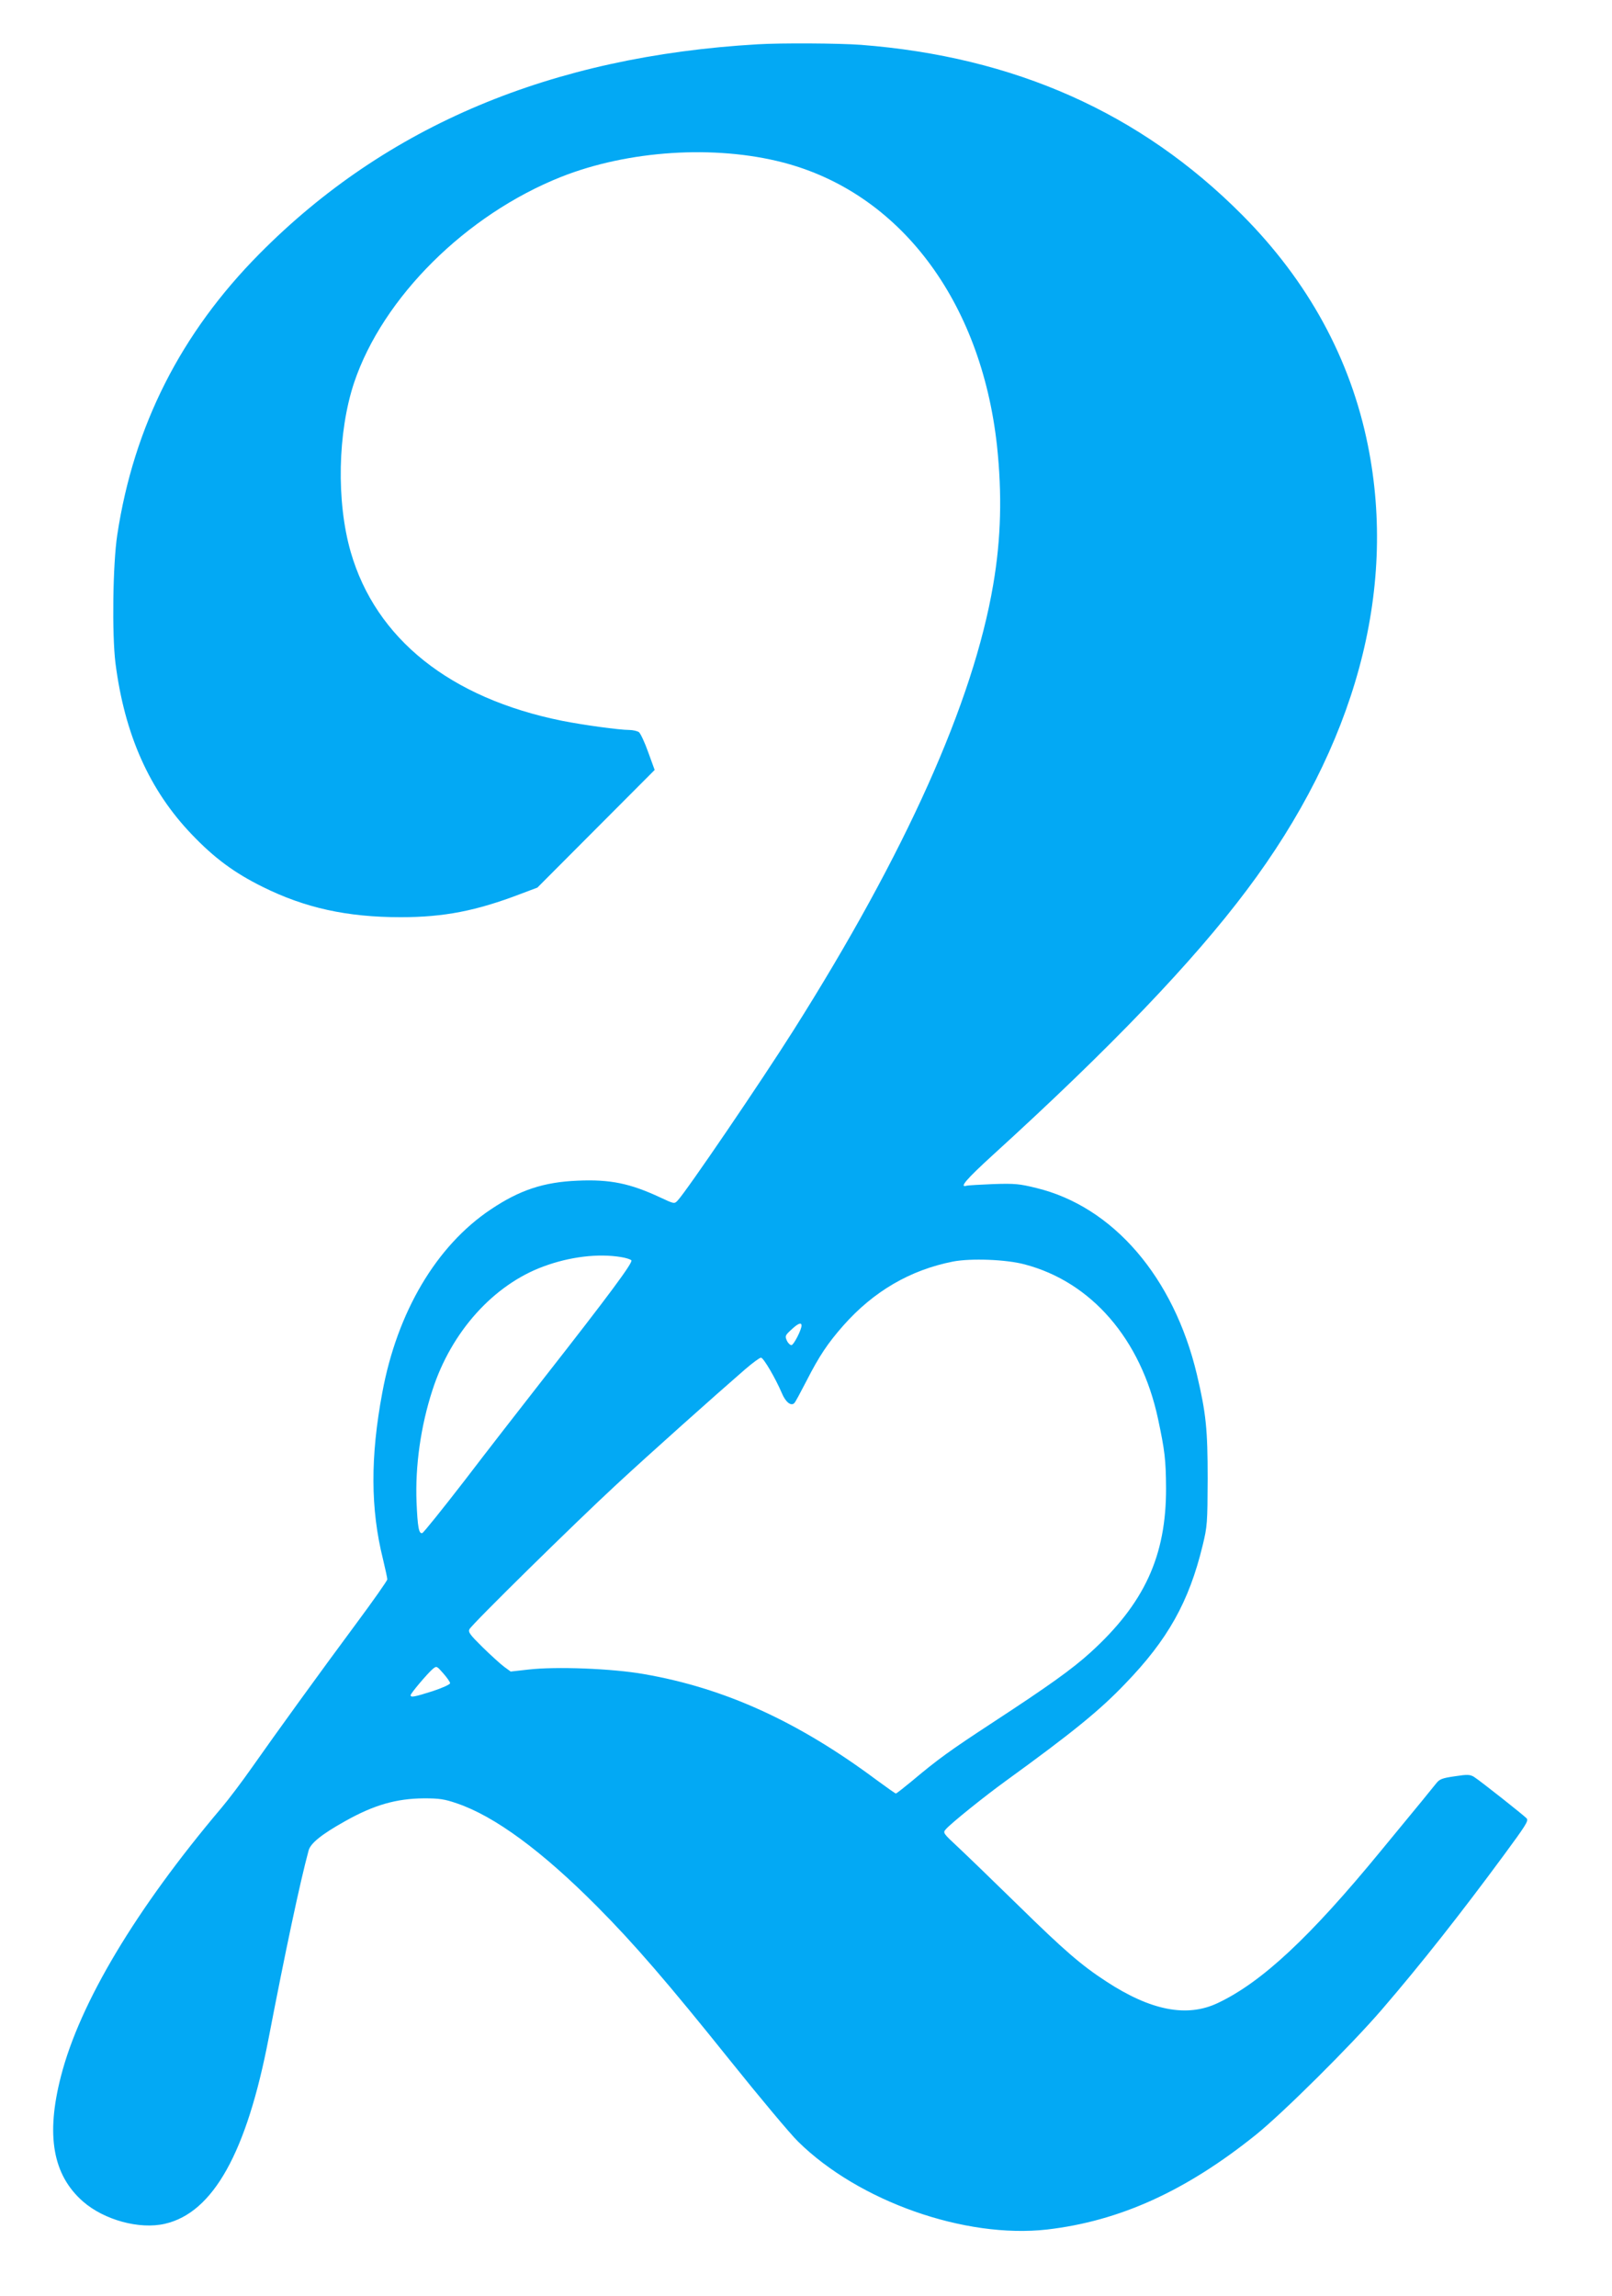 <?xml version="1.0" standalone="no"?>
<!DOCTYPE svg PUBLIC "-//W3C//DTD SVG 20010904//EN"
 "http://www.w3.org/TR/2001/REC-SVG-20010904/DTD/svg10.dtd">
<svg version="1.0" xmlns="http://www.w3.org/2000/svg"
 width="899pt" height="1280pt" viewBox="0 0 899 1280"
 preserveAspectRatio="xMidYMid meet">
<g transform="translate(0,1280) scale(0.1,-0.1)"
fill="#03a9f4" stroke="none">
<path d="M4225 12553 c-1150 -67 -2070 -453 -2778 -1168 -438 -442 -701 -960
-793 -1567 -25 -163 -30 -555 -10 -716 51 -398 189 -708 426 -955 125 -131
237 -214 395 -292 236 -117 469 -169 770 -169 240 0 421 35 669 130 l93 35
327 328 327 328 -36 99 c-19 54 -43 105 -52 112 -9 6 -34 12 -54 12 -55 0
-259 28 -374 51 -625 126 -1039 457 -1179 941 -81 281 -73 669 19 945 160 475
624 936 1155 1147 374 148 856 179 1237 80 650 -169 1104 -770 1193 -1578 29
-271 23 -520 -21 -776 -111 -654 -488 -1495 -1114 -2485 -176 -279 -598 -899
-646 -949 -18 -19 -19 -19 -96 17 -169 79 -280 102 -462 94 -189 -8 -323 -52
-485 -161 -302 -202 -521 -571 -604 -1021 -67 -358 -66 -649 4 -929 13 -54 24
-105 24 -112 0 -7 -78 -118 -173 -246 -204 -275 -445 -608 -582 -803 -54 -77
-130 -178 -170 -225 -477 -564 -790 -1087 -895 -1496 -85 -329 -46 -551 123
-699 118 -103 315 -157 457 -124 269 62 456 397 579 1039 93 483 174 865 222
1042 10 40 73 91 204 164 160 90 285 126 440 127 84 0 114 -4 183 -28 210 -71
474 -265 782 -575 205 -206 395 -426 742 -859 166 -207 336 -410 379 -452 338
-333 931 -542 1389 -490 404 47 773 214 1165 529 150 121 530 498 702 698 218
253 443 539 681 862 120 163 136 188 127 202 -7 11 -259 210 -295 233 -22 13
-36 14 -107 3 -70 -10 -85 -16 -103 -39 -23 -29 -92 -114 -310 -378 -395 -481
-663 -731 -908 -847 -172 -82 -374 -43 -624 121 -138 90 -232 171 -488 422
-135 132 -285 277 -334 323 -88 82 -89 83 -70 104 29 33 218 185 333 268 368
267 523 392 666 542 238 246 356 457 432 771 26 107 27 124 28 372 0 277 -9
365 -60 581 -129 543 -467 936 -895 1040 -93 23 -120 26 -240 22 -74 -3 -141
-7 -149 -9 -44 -13 -3 35 146 171 656 597 1116 1077 1416 1477 605 804 839
1665 676 2478 -97 484 -334 918 -703 1288 -565 568 -1269 881 -2125 947 -121
9 -446 11 -576 3z m-762 -6762 c26 -4 52 -12 58 -18 11 -11 -124 -193 -493
-664 -118 -151 -315 -404 -437 -564 -123 -159 -229 -291 -236 -293 -19 -5 -26
31 -32 173 -8 199 23 423 89 625 105 325 341 587 620 689 146 54 304 73 431
52z m2252 -41 c372 -98 648 -417 743 -860 38 -178 44 -229 45 -387 1 -379
-121 -644 -423 -918 -103 -93 -230 -184 -545 -390 -241 -158 -302 -202 -451
-327 -45 -37 -84 -68 -88 -68 -3 0 -51 34 -107 75 -439 327 -848 513 -1299
591 -177 31 -490 43 -644 25 l-98 -11 -37 27 c-20 15 -74 64 -120 109 -70 69
-81 84 -73 100 16 30 595 599 817 804 191 177 552 499 718 643 43 37 83 67 91
67 14 0 81 -115 116 -197 21 -51 52 -75 70 -56 5 4 35 60 68 124 71 139 118
209 205 308 169 191 373 310 612 357 99 19 297 12 400 -16z m-1245 -341 c0
-24 -44 -109 -56 -109 -8 0 -20 12 -26 26 -11 24 -9 29 25 60 37 35 57 43 57
23z m-1960 -1994 c0 -7 -42 -26 -96 -44 -101 -32 -124 -37 -124 -23 0 10 92
119 123 146 22 18 22 18 59 -24 21 -24 38 -48 38 -55z"/>
</g>
</svg>
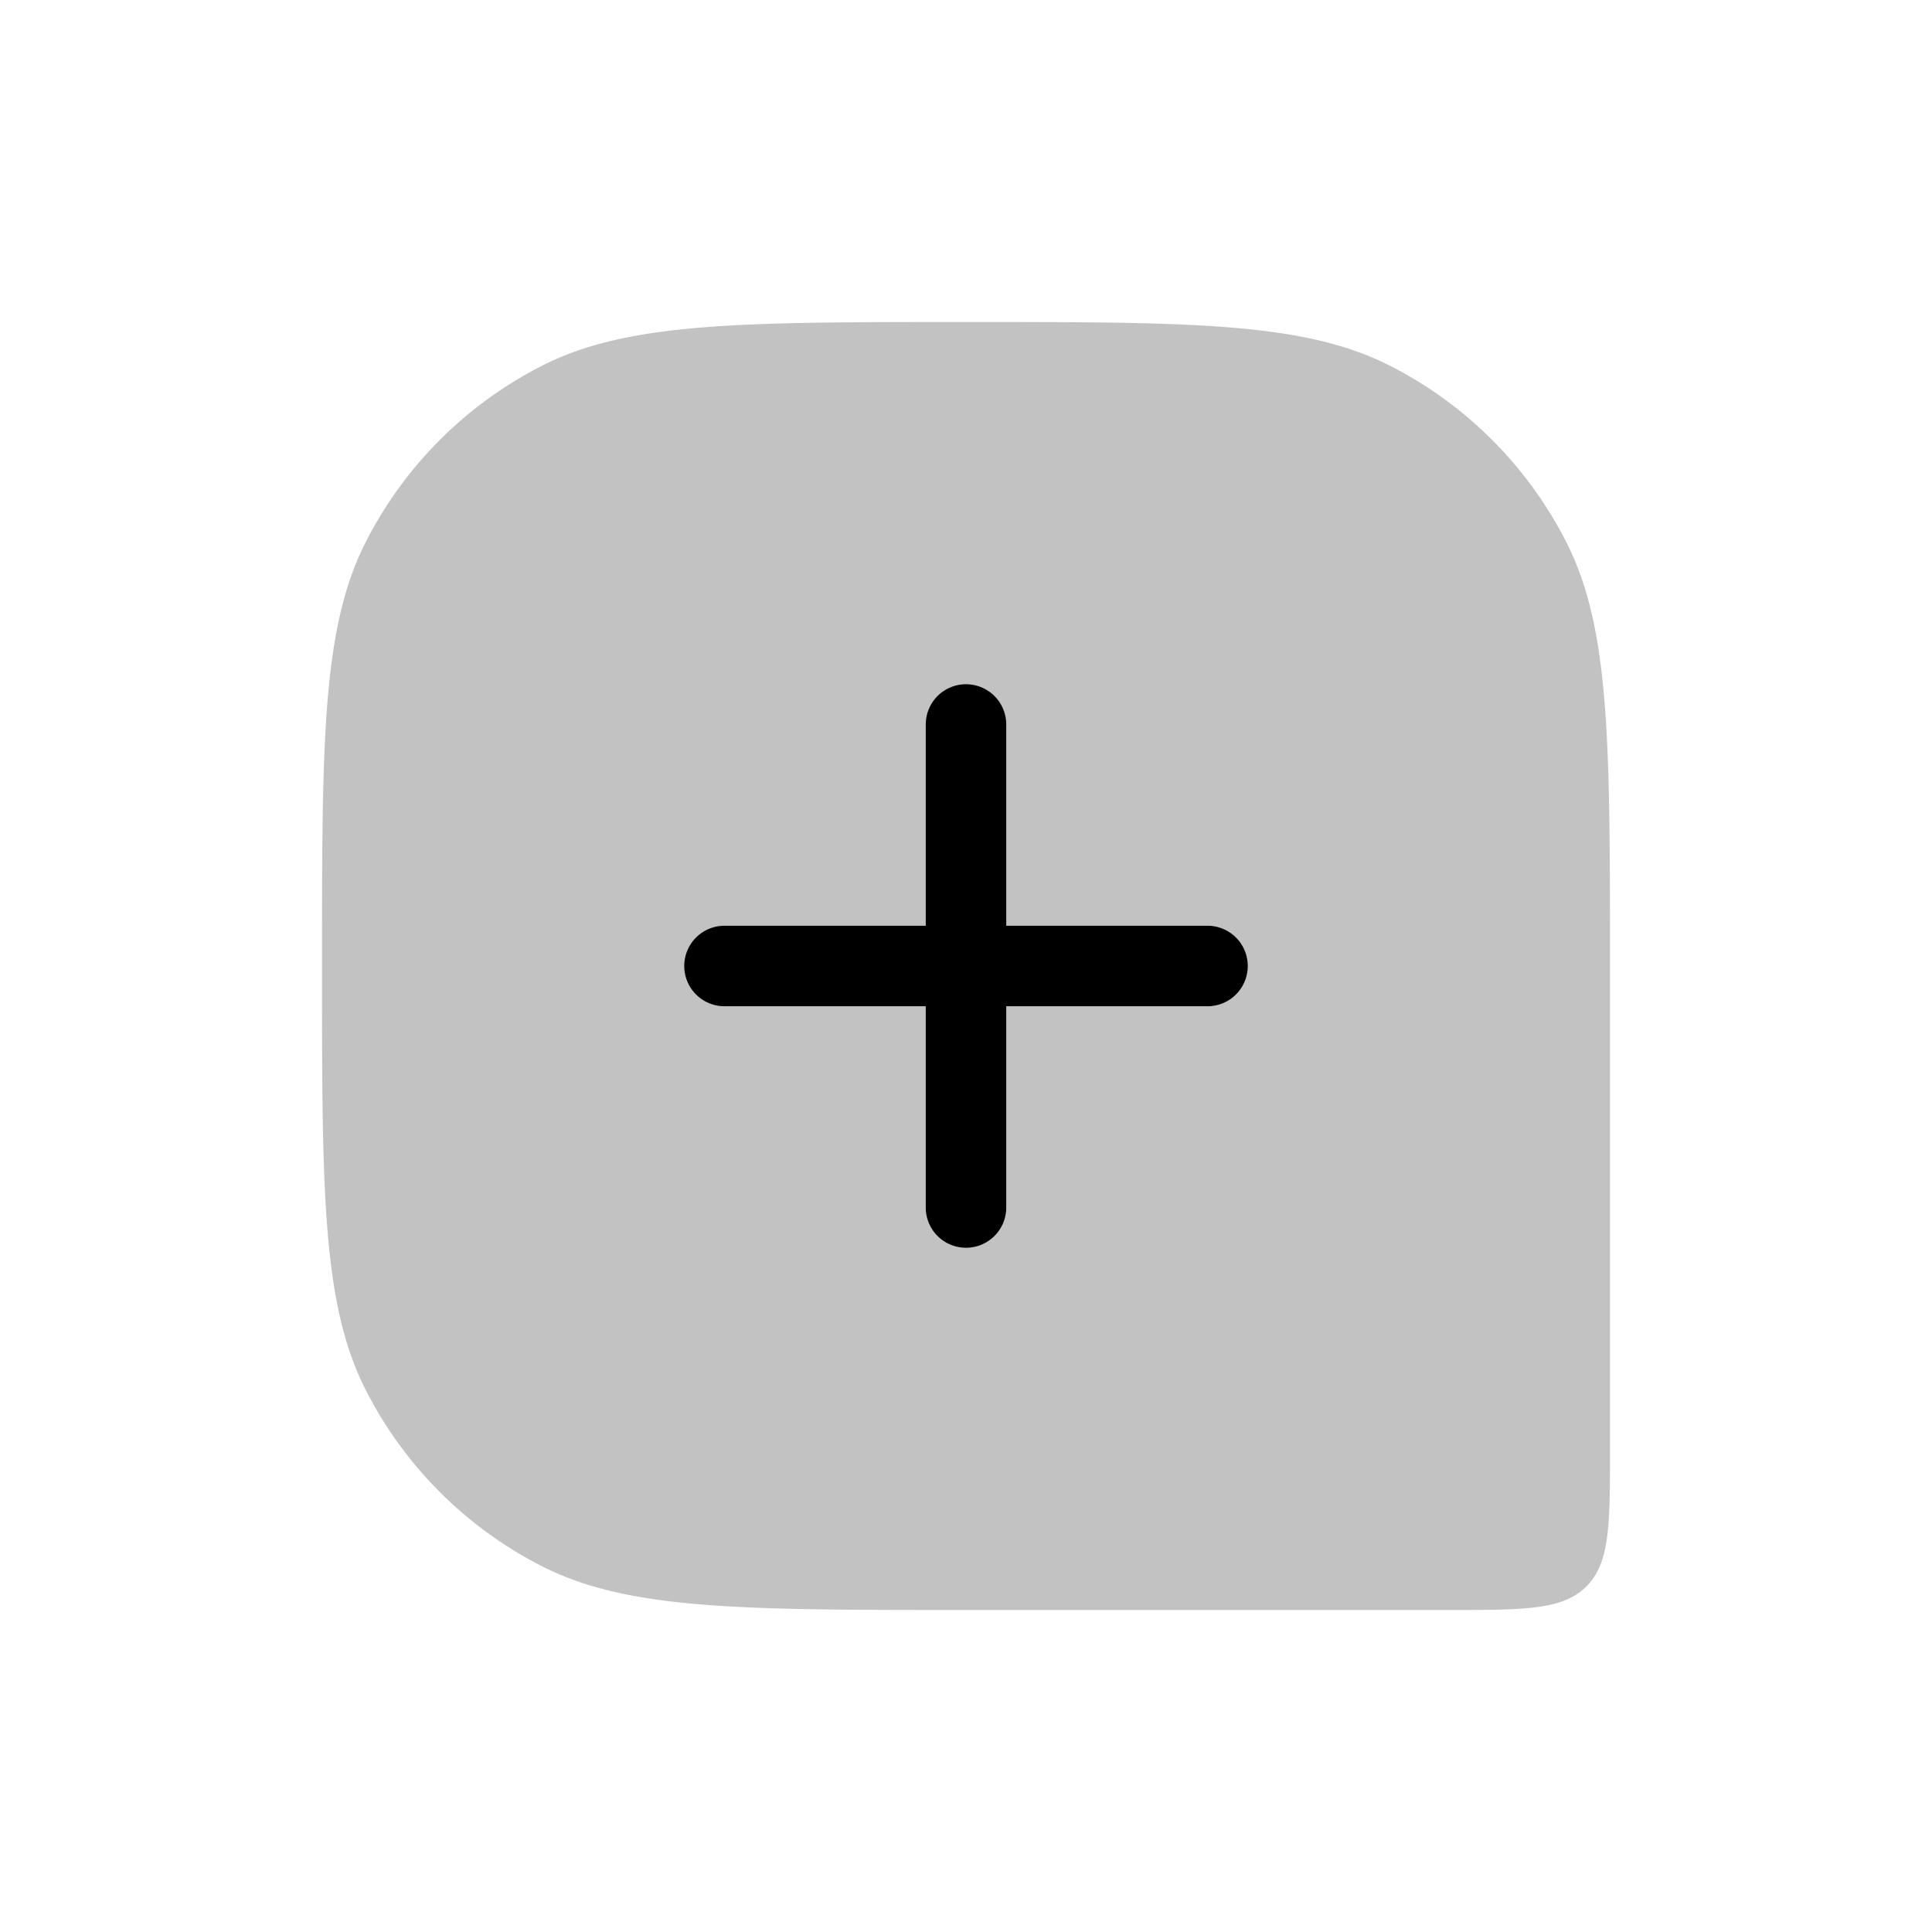 <svg xmlns="http://www.w3.org/2000/svg" viewBox="0 0 24 24">
    <path fill-opacity=".24" d="M4 12c0-2.8 0-4.2.545-5.27A5 5 0 0 1 6.73 4.545C7.8 4 9.2 4 12 4s4.2 0 5.27.545a5 5 0 0 1 2.185 2.185C20 7.8 20 9.2 20 12v6c0 .943 0 1.414-.293 1.707S18.943 20 18 20h-6c-2.8 0-4.2 0-5.27-.545a5 5 0 0 1-2.185-2.185C4 16.2 4 14.8 4 12"/>
    <path d="M12 8.5a.5.5 0 0 0-.5.5v6a.5.5 0 0 0 .5.5.5.5 0 0 0 .5-.5V9a.5.5 0 0 0-.5-.5"/>
    <path d="M9 11.5a.5.5 0 0 0-.5.5.5.5 0 0 0 .5.5h6a.5.5 0 0 0 .5-.5.5.5 0 0 0-.5-.5z"/>
</svg>

· · ·

**ABOUT THIS TASK**
State how many lines in the entries hold "fill", please, with no other words.

**RESULT**
2